Human mutations in high-confidence Tourette disorder genes affect sensorimotor behavior, reward learning, and striatal dopamine in mice

Cara Nasello #  1   2 Lauren A Poppi #  1   2   3 Junbing Wu #  2   3 Tess F Kowalski  2   3 Joshua K Thackray  1   2 Riley Wang  1   2 Angelina Persaud  2   3 Mariam Mahboob  4 Sherry Lin  5 Rodna Spaseska  1 C K Johnson  1 Derek Gordon  1 Fadel Tissir  6   7 Gary A Heiman #  1 Jay A Tischfield #  1 Miriam Bocarsly  4 Max A Tischfield #  2   3
Affiliations

Human mutations in high-confidence Tourette disorder genes affect sensorimotor behavior, reward learning, and striatal dopamine in mice

Cara Nasello et al. Proc Natl Acad Sci U S A. .

Abstract

Tourette disorder (TD) is poorly understood, despite affecting 1/160 children. A lack of animal models possessing construct, face, and predictive validity hinders progress in the field. We used CRISPR/Cas9 genome editing to generate mice with mutations orthologous to human de novo variants in two high-confidence Tourette genes, CELSR3 and WWC1. Mice with human mutations in Celsr3 and Wwc1 exhibit cognitive and/or sensorimotor behavioral phenotypes consistent with TD. Sensorimotor gating deficits, as measured by acoustic prepulse inhibition, occur in both male and female Celsr3 TD models.

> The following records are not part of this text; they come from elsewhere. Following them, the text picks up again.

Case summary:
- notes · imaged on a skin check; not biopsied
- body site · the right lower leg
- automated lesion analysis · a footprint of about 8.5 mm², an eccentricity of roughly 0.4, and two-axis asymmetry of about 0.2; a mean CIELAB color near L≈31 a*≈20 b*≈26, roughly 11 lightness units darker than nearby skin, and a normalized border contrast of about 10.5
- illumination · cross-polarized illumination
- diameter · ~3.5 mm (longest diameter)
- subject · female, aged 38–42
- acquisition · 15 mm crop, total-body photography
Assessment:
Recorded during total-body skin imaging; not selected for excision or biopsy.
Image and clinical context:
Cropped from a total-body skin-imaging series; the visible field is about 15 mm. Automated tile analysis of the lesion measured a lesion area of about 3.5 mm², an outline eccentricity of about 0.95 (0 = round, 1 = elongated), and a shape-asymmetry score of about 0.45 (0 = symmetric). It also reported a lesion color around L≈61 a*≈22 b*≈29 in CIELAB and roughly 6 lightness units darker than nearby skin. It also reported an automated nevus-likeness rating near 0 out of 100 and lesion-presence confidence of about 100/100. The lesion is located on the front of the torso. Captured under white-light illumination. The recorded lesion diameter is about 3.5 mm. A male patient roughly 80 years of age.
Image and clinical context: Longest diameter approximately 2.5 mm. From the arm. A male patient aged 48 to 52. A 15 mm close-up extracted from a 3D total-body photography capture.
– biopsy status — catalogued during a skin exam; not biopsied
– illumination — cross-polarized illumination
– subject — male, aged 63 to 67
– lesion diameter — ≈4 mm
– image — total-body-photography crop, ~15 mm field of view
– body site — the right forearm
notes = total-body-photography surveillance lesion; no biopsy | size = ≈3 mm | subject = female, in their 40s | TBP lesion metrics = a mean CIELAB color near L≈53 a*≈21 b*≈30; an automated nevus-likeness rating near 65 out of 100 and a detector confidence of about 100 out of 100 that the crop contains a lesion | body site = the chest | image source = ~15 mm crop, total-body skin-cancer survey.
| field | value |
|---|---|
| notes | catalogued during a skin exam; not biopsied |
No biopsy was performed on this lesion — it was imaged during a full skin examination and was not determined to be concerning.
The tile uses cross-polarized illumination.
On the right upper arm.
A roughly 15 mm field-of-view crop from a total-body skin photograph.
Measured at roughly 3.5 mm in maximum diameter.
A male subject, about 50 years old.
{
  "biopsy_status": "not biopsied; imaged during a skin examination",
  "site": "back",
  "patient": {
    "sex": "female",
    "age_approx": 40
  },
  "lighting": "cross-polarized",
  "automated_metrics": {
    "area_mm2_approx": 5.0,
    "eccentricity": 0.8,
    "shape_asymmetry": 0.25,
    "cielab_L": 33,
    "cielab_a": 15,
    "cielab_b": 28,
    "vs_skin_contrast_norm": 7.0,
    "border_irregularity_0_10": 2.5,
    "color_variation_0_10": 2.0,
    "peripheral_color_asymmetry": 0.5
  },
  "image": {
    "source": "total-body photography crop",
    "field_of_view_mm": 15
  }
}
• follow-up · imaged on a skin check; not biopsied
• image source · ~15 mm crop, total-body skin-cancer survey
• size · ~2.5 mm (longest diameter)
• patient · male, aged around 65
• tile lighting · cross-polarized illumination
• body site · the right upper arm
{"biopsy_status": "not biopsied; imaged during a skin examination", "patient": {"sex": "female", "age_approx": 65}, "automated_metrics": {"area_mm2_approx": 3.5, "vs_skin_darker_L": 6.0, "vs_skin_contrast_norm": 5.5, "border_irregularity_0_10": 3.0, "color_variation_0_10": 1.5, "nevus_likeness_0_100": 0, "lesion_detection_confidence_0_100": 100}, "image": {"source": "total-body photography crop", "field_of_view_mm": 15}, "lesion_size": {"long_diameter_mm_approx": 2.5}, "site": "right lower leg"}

Wwc1 mice show reduced prepulse inhibition only in females. Repetitive motor behaviors, common to Celsr3 mice and more pronounced in females, include vertical rearing and grooming. Sensorimotor gating deficits and rearing are attenuated by aripiprazole, a partial agonist at dopamine type II receptors. Unsupervised machine learning reveals numerous changes to spontaneous motor behavior and less predictable patterns of movement. Continuous fixed-ratio reinforcement shows that Celsr3 TD mice have enhanced motor responding and reward learning. Electrically evoked striatal dopamine release, tested in one model, is greater. Brain development is otherwise grossly normal without signs of striatal interneuron loss. Altogether, mice expressing human mutations in high-confidence TD genes exhibit face and predictive validity. Reduced prepulse inhibition and repetitive motor behaviors are core behavioral phenotypes and are responsive to aripiprazole. Enhanced reward learning and motor responding occur alongside greater evoked dopamine release. Phenotypes can also vary by sex and show stronger affection in females, an unexpected finding considering males are more frequently affected in TD.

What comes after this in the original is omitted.